We sat in Nissreen's lovely living room, drinking herbal tea and snacking on strawberries and dates while sharing our passion for food and sustainability. I felt like she interviewed me as much as I did her, but what a joy to find this kindred spirit! I shared with her my experiments with her Tomme variety to make crackers - a perfect salty snack! Her ricotta dabbed on blanched tenderstem broccoli brings such warmth to this otherwise meh vegetable.
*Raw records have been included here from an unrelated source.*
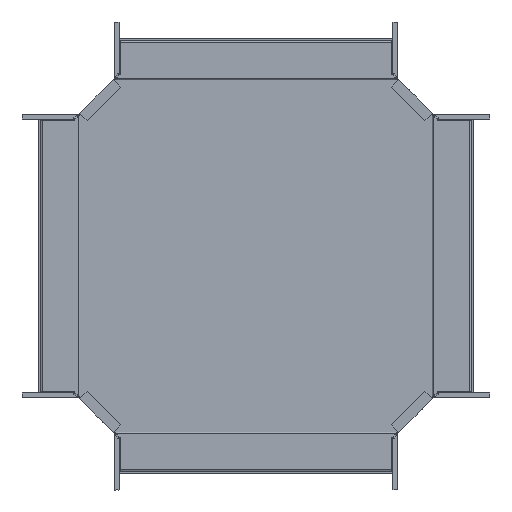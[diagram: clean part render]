
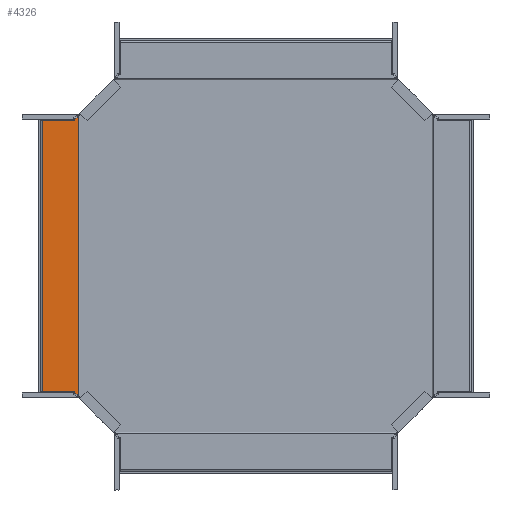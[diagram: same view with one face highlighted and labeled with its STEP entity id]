
A CAD part, front view. The second image highlights one B-rep face of the part: STEP entity #4326.
In plain terms, the highlighted planar face has unit normal (0, -1, 0).
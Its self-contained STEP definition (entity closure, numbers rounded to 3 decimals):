
#90 = EDGE_CURVE ( 'NONE', #1600, #4761, #2947, .T. ) ;
#91 = CARTESIAN_POINT ( 'NONE',  ( -247.939, -2.25, 195.213 ) ) ;
#191 = VECTOR ( 'NONE', #5633, 1000. ) ;
#277 = EDGE_CURVE ( 'NONE', #4498, #2277, #4090, .T. ) ;
#278 = VECTOR ( 'NONE', #992, 1000. ) ;
#299 = CARTESIAN_POINT ( 'NONE',  ( -247.815, -2.25, -195.29 ) ) ;
#418 = VERTEX_POINT ( 'NONE', #2355 ) ;
#508 = EDGE_CURVE ( 'NONE', #5900, #1600, #4495, .T. ) ;
#555 = CARTESIAN_POINT ( 'NONE',  ( -247.384, -2.25, 195.546 ) ) ;
#796 = VECTOR ( 'NONE', #2912, 1000. ) ;
#886 = CARTESIAN_POINT ( 'NONE',  ( -247.384, -2.25, -195.546 ) ) ;
#924 = CARTESIAN_POINT ( 'NONE',  ( -298.912, -2.25, -7.302 ) ) ;
#992 = DIRECTION ( 'NONE',  ( 0., 0., -1. ) ) ;
#1058 = LINE ( 'NONE', #3441, #796 ) ;
#1298 = ORIENTED_EDGE ( 'NONE', *, *, #3307, .F. ) ;
#1433 = LINE ( 'NONE', #2401, #1516 ) ;
#1435 = EDGE_CURVE ( 'NONE', #2650, #5900, #2761, .T. ) ;
#1502 = CARTESIAN_POINT ( 'NONE',  ( -298.912, -2.25, 189.75 ) ) ;
#1516 = VECTOR ( 'NONE', #1904, 1000. ) ;
#1600 = VERTEX_POINT ( 'NONE', #555 ) ;
#1714 = CARTESIAN_POINT ( 'NONE',  ( -247.807, -2.25, -195.295 ) ) ;
#1758 = FACE_OUTER_BOUND ( 'NONE', #5243, .T. ) ;
#1811 = CARTESIAN_POINT ( 'NONE',  ( -248.125, -2.25, -195.092 ) ) ;
#1904 = DIRECTION ( 'NONE',  ( 0.707, 0., -0.707 ) ) ;
#1917 = CARTESIAN_POINT ( 'NONE',  ( -247.384, -2.25, 195.546 ) ) ;
#1955 = ORIENTED_EDGE ( 'NONE', *, *, #6048, .T. ) ;
#2060 = CARTESIAN_POINT ( 'NONE',  ( -248.212, -2.25, 195.035 ) ) ;
#2156 = CARTESIAN_POINT ( 'NONE',  ( -247.808, -2.25, -195.294 ) ) ;
#2246 = ORIENTED_EDGE ( 'NONE', *, *, #508, .F. ) ;
#2277 = VERTEX_POINT ( 'NONE', #1502 ) ;
#2355 = CARTESIAN_POINT ( 'NONE',  ( -248.212, -2.25, -195.035 ) ) ;
#2381 = CARTESIAN_POINT ( 'NONE',  ( 0.076, -2.25, 0. ) ) ;
#2384 = CARTESIAN_POINT ( 'NONE',  ( -248.212, -2.25, 195.035 ) ) ;
#2394 = CARTESIAN_POINT ( 'NONE',  ( -247.384, -2.25, 0. ) ) ;
#2401 = CARTESIAN_POINT ( 'NONE',  ( -253.497, -2.25, -189.75 ) ) ;
#2460 = CARTESIAN_POINT ( 'NONE',  ( -247.384, -2.25, -195.546 ) ) ;
#2650 = VERTEX_POINT ( 'NONE', #3321 ) ;
#2673 = EDGE_CURVE ( 'NONE', #4498, #3767, #1058, .T. ) ;
#2714 = CARTESIAN_POINT ( 'NONE',  ( -247.511, -2.25, -195.476 ) ) ;
#2761 = LINE ( 'NONE', #5165, #5529 ) ;
#2777 = CARTESIAN_POINT ( 'NONE',  ( -247.847, -2.25, -195.27 ) ) ;
#2912 = DIRECTION ( 'NONE',  ( 1., 0., 0. ) ) ;
#2947 = LINE ( 'NONE', #2394, #278 ) ;
#3093 = ORIENTED_EDGE ( 'NONE', *, *, #277, .F. ) ;
#3173 = ORIENTED_EDGE ( 'NONE', *, *, #4762, .T. ) ;
#3248 = CARTESIAN_POINT ( 'NONE',  ( -247.897, -2.25, -195.238 ) ) ;
#3307 = EDGE_CURVE ( 'NONE', #2277, #2650, #4336, .T. ) ;
#3309 = DIRECTION ( 'NONE',  ( 0., -1., 0. ) ) ;
#3321 = CARTESIAN_POINT ( 'NONE',  ( -253.497, -2.25, 189.75 ) ) ;
#3441 = CARTESIAN_POINT ( 'NONE',  ( -253.497, -2.25, -189.75 ) ) ;
#3442 = ORIENTED_EDGE ( 'NONE', *, *, #1435, .F. ) ;
#3506 = CARTESIAN_POINT ( 'NONE',  ( -253.497, -2.25, -189.75 ) ) ;
#3607 = CARTESIAN_POINT ( 'NONE',  ( -298.912, -2.25, -189.75 ) ) ;
#3635 = ORIENTED_EDGE ( 'NONE', *, *, #2673, .T. ) ;
#3650 = PLANE ( 'NONE',  #4998 ) ;
#3755 = DIRECTION ( 'NONE',  ( 0.707, 0., 0.707 ) ) ;
#3767 = VERTEX_POINT ( 'NONE', #3506 ) ;
#3780 = DIRECTION ( 'NONE',  ( 1., 0., 0. ) ) ;
#3872 = CARTESIAN_POINT ( 'NONE',  ( -247.667, -2.25, 195.389 ) ) ;
#4090 = LINE ( 'NONE', #924, #191 ) ;
#4276 = DIRECTION ( 'NONE',  ( -1., 0., 0. ) ) ;
#4302 = CARTESIAN_POINT ( 'NONE',  ( -253.497, -2.25, 189.75 ) ) ;
#4326 = ADVANCED_FACE ( 'NONE', ( #1758 ), #3650, .T. ) ;
#4336 = LINE ( 'NONE', #4302, #5543 ) ;
#4495 = B_SPLINE_CURVE_WITH_KNOTS ( 'NONE', 3,
 ( #2384, #91, #3872, #1917 ),
 .UNSPECIFIED., .F., .F.,
 ( 4, 4 ),
 ( 0., 1. ),
 .UNSPECIFIED. ) ;
#4498 = VERTEX_POINT ( 'NONE', #3607 ) ;
#4552 = CARTESIAN_POINT ( 'NONE',  ( -248.008, -2.25, -195.167 ) ) ;
#4586 = ORIENTED_EDGE ( 'NONE', *, *, #90, .F. ) ;
#4761 = VERTEX_POINT ( 'NONE', #2460 ) ;
#4762 = EDGE_CURVE ( 'NONE', #3767, #418, #1433, .T. ) ;
#4998 = AXIS2_PLACEMENT_3D ( 'NONE', #2381, #3309, #4276 ) ;
#5021 = CARTESIAN_POINT ( 'NONE',  ( -247.824, -2.25, -195.284 ) ) ;
#5165 = CARTESIAN_POINT ( 'NONE',  ( -253.497, -2.25, 189.75 ) ) ;
#5243 = EDGE_LOOP ( 'NONE', ( #3173, #1955, #4586, #2246, #3442, #1298, #3093, #3635 ) ) ;
#5315 = B_SPLINE_CURVE_WITH_KNOTS ( 'NONE', 3,
 ( #6023, #1811, #4552, #3248, #2777, #5021, #299, #2156, #1714, #5993, #2714, #886 ),
 .UNSPECIFIED., .F., .F.,
 ( 4, 1, 1, 1, 1, 2, 2, 4 ),
 ( 0., 0.25, 0.375, 0.437, 0.469, 0.484, 0.5, 1. ),
 .UNSPECIFIED. ) ;
#5529 = VECTOR ( 'NONE', #3755, 1000. ) ;
#5543 = VECTOR ( 'NONE', #3780, 1000. ) ;
#5633 = DIRECTION ( 'NONE',  ( 0., 0., 1. ) ) ;
#5900 = VERTEX_POINT ( 'NONE', #2060 ) ;
#5993 = CARTESIAN_POINT ( 'NONE',  ( -247.65, -2.25, -195.393 ) ) ;
#6023 = CARTESIAN_POINT ( 'NONE',  ( -248.212, -2.25, -195.035 ) ) ;
#6048 = EDGE_CURVE ( 'NONE', #418, #4761, #5315, .T. ) ;

And her lebeneh is a treat, scattered with herbs on a baked potato. Not to mention how delicious, delicate and herby her cheeses are on their own.I can't wait to experiment more with her future creations....which are always in the works. She admits to being a person easily bored, but there's never a plateau with cheese, she's learned, the possibilities are endless! "I love the layers of possibility that come from this inert substance. Milk is a universal symbol of bounty, and it reacts with the environment to yield a unique product." Nissreen and her graciousness and passion ooze from everything she makes, making it a very unique and wonderful product indeed!